● **WHAT IS BEING ASKED**: For the word "width", search the records and show each line in which it occurs.

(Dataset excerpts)
○ ○ ○ ○
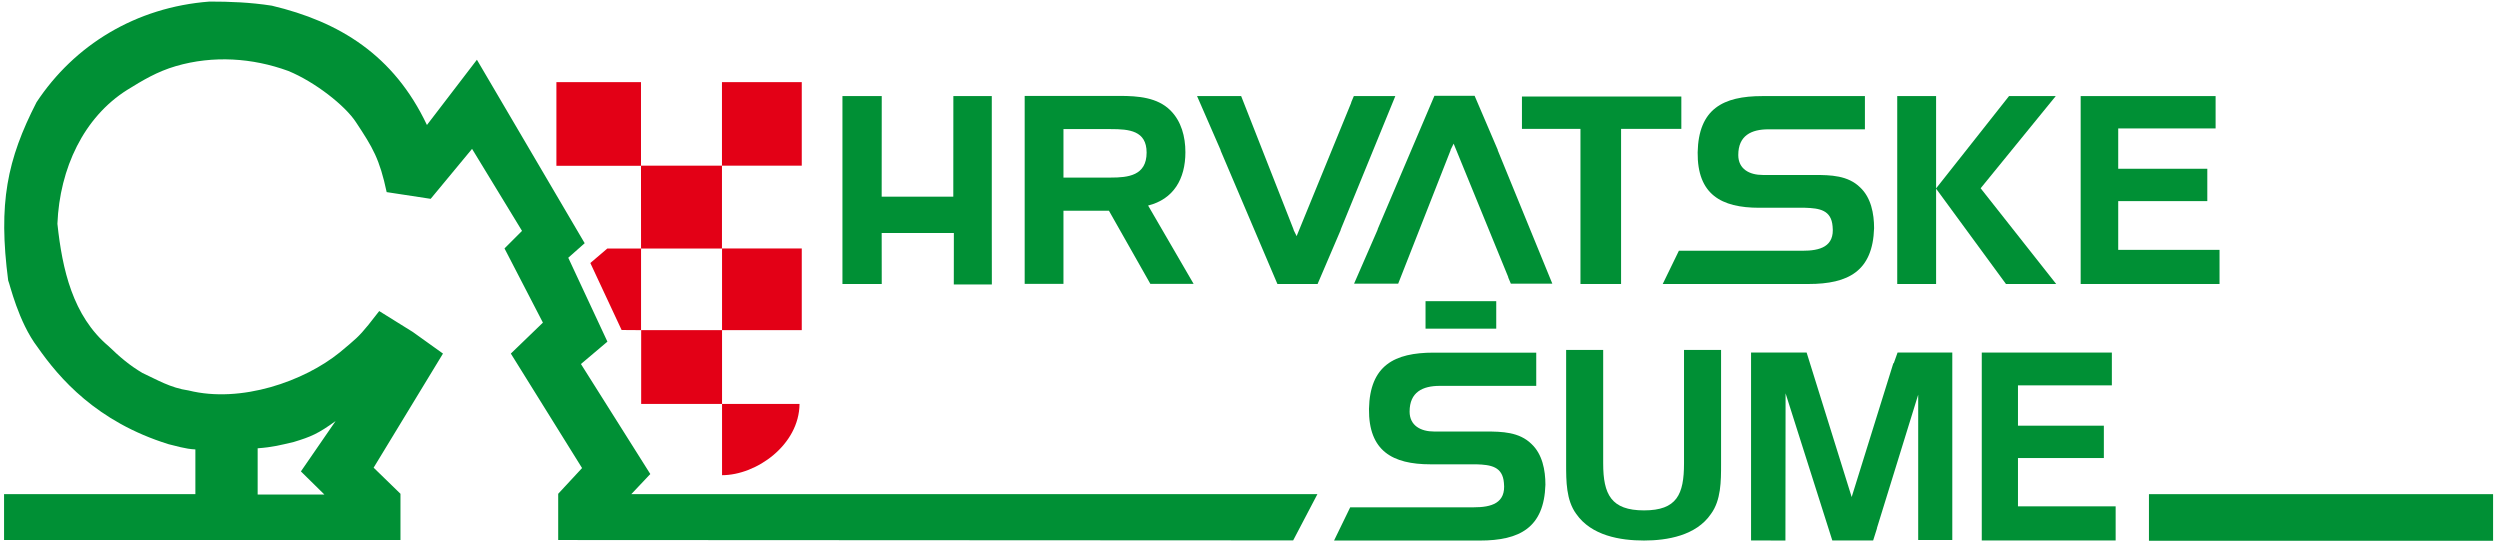 <?xml version="1.0" encoding="UTF-8" standalone="no"?>
<svg xmlns="http://www.w3.org/2000/svg" xmlns:xlink="http://www.w3.org/1999/xlink" xmlns:serif="http://www.serif.com/" width="100%" height="100%" viewBox="0 0 1150 250" version="1.1" xml:space="preserve" style="fill-rule:evenodd;clip-rule:evenodd;stroke-linejoin:round;stroke-miterlimit:2;">
  <g>
    <path id="path1" d="M911.613,248.616l0,-86.436l59.842,-0l0,15.086l-43.187,-0l0,18.551l39.508,-0l-0,14.881l-39.508,0l0,22.221l44.93,0l0,15.697l-61.585,0Z" style="fill:#009035;"></path>
    <path id="path2" d="M805.485,162.18l25.564,0l20.722,66.458l19.173,-61.565l0.193,-0l1.743,-4.893l25.177,0l-0,86.207l-15.687,0.025l-0,-66.866l-18.979,61.362l-0,0.203l-1.743,5.504l-18.786,0l-21.496,-67.681l-0.07,67.707l-15.811,-0.025l0,-86.436Z" style="fill:#009035;"></path>
    <path id="path3" d="M737.465,160.98l-0,52.187c-0,14.27 3.679,21.609 18.785,21.609c15.106,0 18.398,-7.339 18.398,-21.609l0,-52.187l17.043,-0l-0,52.595c-0,7.747 -0,16.513 -4.648,22.832c-6.778,9.989 -20.141,12.232 -30.793,12.232c-11.039,-0 -24.208,-2.243 -31.18,-12.232c-4.648,-6.32 -4.648,-15.085 -4.648,-22.832l0,-52.595l17.043,-0Z" style="fill:#009035;"></path>
    <path id="path4" d="M957.106,130.634l0,-86.436l62.072,-0l0,14.882l-44.796,-0l0,18.551l40.98,-0l-0,14.881l-40.98,0l0,22.425l46.604,0l0,15.697l-63.88,0Z" style="fill:#009035;"></path>
    <path id="path5" d="M872.725,44.198l17.879,-0l0,42.465l33.547,-42.465l21.494,-0l-34.551,42.402l34.752,44.034l-23.101,0l-32.141,-43.852l0,43.852l-17.879,0l0,-86.436Z" style="fill:#009035;"></path>
    <path id="path6" d="M857.86,59.487l-44.394,0c-7.834,0 -13.861,2.854 -13.861,11.824c0,6.524 5.223,9.174 11.25,9.174l23.703,-0c7.634,-0 15.468,0.204 21.093,5.708c5.022,4.689 6.428,12.027 6.428,18.755c-0.603,19.774 -11.852,25.686 -30.132,25.686l-67.094,0l7.432,-15.289l56.85,-0c8.035,-0 14.865,-1.835 13.86,-11.213c-0.602,-7.542 -6.026,-8.358 -12.655,-8.562l-21.092,0c-17.477,0 -28.525,-6.115 -28.325,-25.482c0.402,-19.978 11.651,-25.89 29.731,-25.89l47.206,-0l0,15.289Z" style="fill:#009035;"></path>
    <path id="path7" d="M706.674,177.5l-44.395,-0c-7.834,-0 -13.861,2.854 -13.861,11.823c0,6.524 5.223,9.174 11.25,9.174l23.703,0c7.634,0 15.468,0.204 21.093,5.708c5.022,4.689 6.428,12.028 6.428,18.755c-0.602,19.775 -11.852,25.686 -30.132,25.686l-67.094,0l7.432,-15.289l56.85,0c8.035,0 14.865,-1.835 13.86,-11.212c-0.602,-7.543 -6.026,-8.358 -12.655,-8.562l-21.093,-0c-17.476,-0 -28.525,-6.116 -28.324,-25.483c0.402,-19.978 11.651,-25.89 29.731,-25.89l47.207,0l-0,15.29Z" style="fill:#009035;"></path>
    <path id="path8" d="M727.012,59.283l-26.918,0l-0,-14.881l73.321,-0l-0,14.881l-27.722,0l0,71.351l-18.681,0l-0,-71.351Z" style="fill:#009035;"></path>
    <path id="path9" d="M587.609,130.634l-26.114,-61.362l-0,-0.203l-10.848,-24.871l20.289,-0l24.106,61.362l-0,0.203l1.406,2.854l25.11,-61.361l-0,-0.204l1.205,-2.854l19.084,-0l-25.11,61.362l-0,0.203l-10.647,24.871l-18.481,0Z" style="fill:#009035;"></path>
    <path id="path10" d="M659.838,44.054l-26.115,61.362l-0,0.204l-10.848,24.87l20.29,0l24.105,-61.361l0,-0.204l1.406,-2.854l25.11,61.361l0,0.204l1.206,2.854l19.083,0l-25.11,-61.361l0,-0.204l-10.646,-24.871l-18.481,0Z" style="fill:#009035;"></path>
    <path id="path11" d="M438.777,107.165l-0.029,23.673l17.505,-0l-0.03,-25.278l0,-61.362l-17.677,-0l-0.029,46.276l-32.945,-0l0.03,-46.276l-18.079,-0l-0,86.436l18.079,0l-0.029,-23.444l33.204,-0.025Z" style="fill:#009035;"></path>
    <rect id="path12" x="655.747" y="138.541" width="32.526" height="12.643" style="fill:#009035;"></rect>
    <path id="path13" d="M471.355,44.119l43.74,-0c8.405,-0 17.325,0.686 23.328,6.689c4.975,4.975 6.861,12.007 6.861,19.212c0,12.35 -5.489,21.612 -17.153,24.528l20.927,36.022l-19.898,-0l-19.039,-33.62l-20.927,0l0,33.62l-17.839,-0l0,-86.451Zm39.623,15.266l-21.784,0l0,22.299l21.784,-0c7.891,-0 16.467,-0.858 16.467,-11.493c0,-10.12 -8.062,-10.806 -16.467,-10.806Z" style="fill:#009035;"></path>
    <path id="path14" d="M285.938,151.8l8.998,0.065l-0,33.959l37.203,0l-0,32.762c15.781,0 35.472,-13.894 35.644,-32.762l-35.644,0l-0,-33.963l36.673,0l-0,-37.565l-36.708,0l0,-38.079l36.708,-0l-0,-38.423l-36.708,0l0,38.423l-37.248,-0l0,-38.423l-38.911,0l0,38.461l38.911,-0l0.025,38.074l-15.527,0l-7.801,6.657l14.385,30.814Zm8.945,-37.471l37.256,0.001l-0,37.531l-37.256,0l-0,-37.532Z" style="fill:#e30016;"></path>
    <rect id="path15" x="988.517" y="227.312" width="158.3" height="21.441" style="fill:#009035;"></rect>
    <path id="path16" d="M149.223,227.484l-10.807,-10.635l15.952,-23.157c-8.061,5.833 -11.321,7.205 -19.211,9.606c-5.832,1.372 -9.606,2.402 -16.638,2.916l-0,21.27l30.704,-0Zm112.18,-108.922l7.547,-6.689l-49.572,-84.393l-22.985,30.018c-15.266,-32.248 -40.309,-47.514 -71.356,-54.89c-9.949,-1.543 -19.383,-1.886 -28.646,-1.886c-33.963,2.573 -62.265,20.069 -79.589,46.313c-13.551,26.415 -17.668,46.484 -13.037,81.991c0.687,1.372 4.632,19.039 13.551,30.704c9.949,14.237 27.102,34.305 60.207,44.597c3.088,0.686 7.719,2.23 12.35,2.402l0,20.583l-88.008,0l-0,21.098l182.35,0l-0,-21.269l-12.35,-12.007l31.904,-52.489l-13.894,-9.948l-15.437,-9.606l-4.975,6.347c-4.46,5.489 -6.003,6.689 -13.208,12.693c-16.295,13.208 -45.284,23.499 -69.469,17.496c-8.405,-1.201 -14.58,-4.975 -21.27,-8.062c-5.832,-3.43 -10.463,-7.375 -15.609,-12.35c-16.467,-13.894 -21.27,-35.335 -23.499,-56.262c1.029,-25.558 12.178,-49.057 32.075,-61.579c7.205,-4.459 13.723,-8.405 22.471,-10.978c17.153,-4.974 35.163,-3.774 51.63,2.23c12.179,4.974 26.244,15.952 31.218,23.671c7.719,11.664 10.807,16.81 14.066,32.076l20.24,3.088l19.04,-22.985l22.985,37.736l-8.062,8.062l17.668,34.135l-14.752,14.236l32.763,52.66l-10.978,11.836l-0,21.269l338.084,0.172l11.15,-21.27l-315.615,0l8.748,-9.262l-31.904,-50.602l12.178,-10.291l-18.01,-38.595Z" style="fill:#009035;"></path>
  </g>
</svg>
○ ○ ○ ○
● **RESULT OF THIS TASK**:
<svg xmlns="http://www.w3.org/2000/svg" xmlns:xlink="http://www.w3.org/1999/xlink" xmlns:serif="http://www.serif.com/" width="100%" height="100%" viewBox="0 0 1150 250" version="1.1" xml:space="preserve" style="fill-rule:evenodd;clip-rule:evenodd;stroke-linejoin:round;stroke-miterlimit:2;">
    <rect id="path12" x="655.747" y="138.541" width="32.526" height="12.643" style="fill:#009035;"></rect>
    <rect id="path15" x="988.517" y="227.312" width="158.3" height="21.441" style="fill:#009035;"></rect>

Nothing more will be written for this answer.